Light distribution patterns indicate each 90-watt luminaire (when its 16″ length is parallel to the long axis of the aquarium) is capable of illuminating approximately 2 feet (61 cm) of aquarium length.
Based on personal observations of corals’ minimum and maximum light requirements using a Pulse Amplitude Modulation (PAM) fluorometer, it appears that the Blue Moon Aquatic 90-watt LED unit is capable of meeting the maximum light requirements of the most demanding corals.
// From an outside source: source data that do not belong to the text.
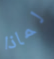
لماذا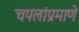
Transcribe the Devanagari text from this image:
चपलांप्रमाणे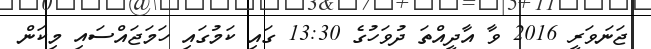
ޖަނަވަރީ 2016 ވާ އާދީއްތަ ދުވަހުގެ 13:30 ގައި ކަމުގައި ހަމަޖައްސައި މިކަން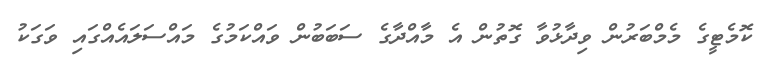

We can also estimate that this fixture can supply the minimum amount of light to a depth of about 16-17 inches (41-43cm).
Photosynthetically Active Radiation (PAR) was measured with a LiCor Model 1400 data logger (Lincoln, Nebraska) equipped with a 2 cosine-corrected quantum sensor. The meter was calibrated appropriately for ‘air’ or ‘water’ measurements.
Lux measurements were made with a Gossen Multi-Pro lux meter.
Spectral qualities were determined with an Ocean Optics USB2000 spectrometer (Dunedin, Florida). Raw data were entered into an Excel program written and supplied by Dr. Charles Mazel (www.nightsea.com) to correct for measurement deficiencies inherent in all spectrometers. Spectral components and PUR were estimated mathematically using absorption spectra of Symbiodinium photopigments and smoothed and corrected lamp spectral data.
Visualization of lamp spectral quality was achieved through use of a hand-held spectroscope marketed by Harvard-Smithsonian Center for Astrophysics, Cambridge, Massachusetts.
Power usage was monitored by a Kill-A-Watt meter manufactured by P3, International.
Temperatures were measured by WatchDog Model 100 temperature data loggers and required software (Basic 8) made by Spectrum Technologies, Plainfield, Illinois.
Suggested Retail Price
Blue Moon Aquatic advertises a MSRP for its 90-watt LED hood at $549 USD (~€406.58 at the time of this writing). Some quick checks of online vendors found prices below the MSRP.
Blue Moon Aquatics
465 Penllyn Pike
Blue Bell, Pennsylvania, USA 19422
The 90-watt luminaire I received comes with a 1-year warranty. An extended warranty for an additional year is available for $99 USD.
This company also offers other products, including 300-watt and 600-watt luminaires as well as smaller pendant fixtures.